Keempat jenis terjemahan tersebut adalah (a) molten copper
(tembaga yang meleleh/mendidih), (b) molten lead (timah
yang meleleh), (c) molten brass (kuningan yang meleleh), dan (d)
tar (ter/tir). Dalam Tafsir Ibnu Katsir, Tafsir Jalalen, Tafsir
Thabari and Tafsir Qurtubi, kata "qithr" ditafsirkan sebagai "tembaga".
Kata "yang meleleh (molten)" merupakan tafsiran tambahan baik yang
ada pada beberapa versi terjemahan di atas dan ketiga tafsir tersebut.

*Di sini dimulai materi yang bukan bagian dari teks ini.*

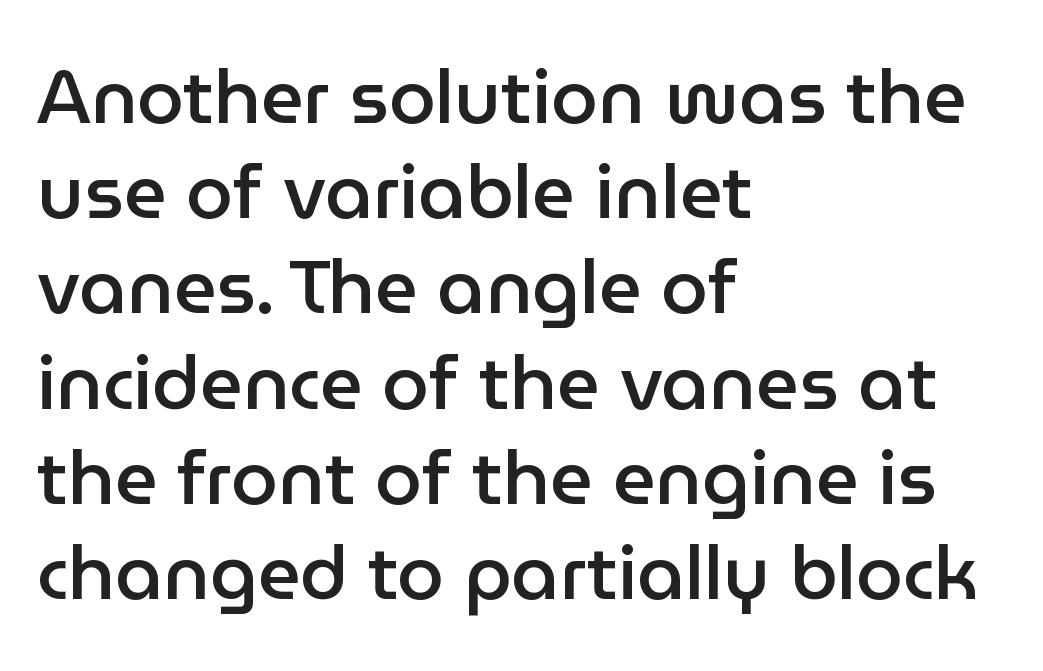
Q: Is the text bold? A: Semi-bold.
Q: Is the text italic (slanted)? A: No, it is upright.
Q: Is the typeface a serif or a sans-serif typeface? A: Sans-serif.
Q: Is the text underlined? A: No.
Q: How is the paragraph aligned? A: Left-aligned.
Q: Is the spacing between letters normal or unusually wide? A: Normal.
Q: Is the spacing between lines tight, normal or loose? A: Normal.
Q: Width (condensed, normal, or wide)? A: Normal.
Q: Stroke contrast? A: Low.
Q: x-height? A: Medium.
Q: Monospaced? A: No.

Jika kita
lihat Kamus Inggris-Indonesia-Arab susunan Attabik Ali, diperoleh arti dari
qithr adalah tar (Inggris) dan ter/tir (Indonesia).
Untuk
menetapkan tafsiran atau terjemahan mana yang paling tepat, hal ini dapat
ditinjau dari perspektif sains (ilmu pengetahuan). Berdasarkan ilmu metalurgi,
baja dibuat dari dua unsur yaitu besi dan karbon. Selanjutnya jika kita amati,
ter/tir (yang berwarna hitam yang merupakan campuran aspal dan minyak yang
diperoleh dari minyak mentah) jelas banyak mengandung unsur karbon. Jadi dalam
cerita Zulkarnain di atas jelas apa yang seharusnya dituangkan kedalam besi yang
telah memerah panas seperti api adalah tir/ter, karena dengan menuangkan ter/tir
tersebut terjadilah percampuran antara besi dan karbon sehingga terbentuklah
baja, yang diceritakan sulit dilobangi (QS 18:97). Selain itu kalau kata
"qithr" diterjemahkan atau ditafsirkan sebagai 'tembaga',
'timah', atau 'kuningan', maka diperlukan sebuah penafsiran lagi
(tafsiran tambahan) yaitu 'yang meleleh'. Kalau diterjemahkan atau
ditafsirkan sebagai 'ter/tir' tidak perlu ada penafisran tambahan karena tir/ter
memang bentuknya sudah cair sehingga tinggal disiramkan saja ke atas besi yang
sudah panas membara seperti api. Dengan demikian, QS 18:96 lebih tepat
diterjemahkan sebagai berikut: "Berilah aku potongan-potongan besi. Sekali
gap antara dua bukit (puncak) itu terisi, dia (Zul Qarnain) berkata: Tiuplah.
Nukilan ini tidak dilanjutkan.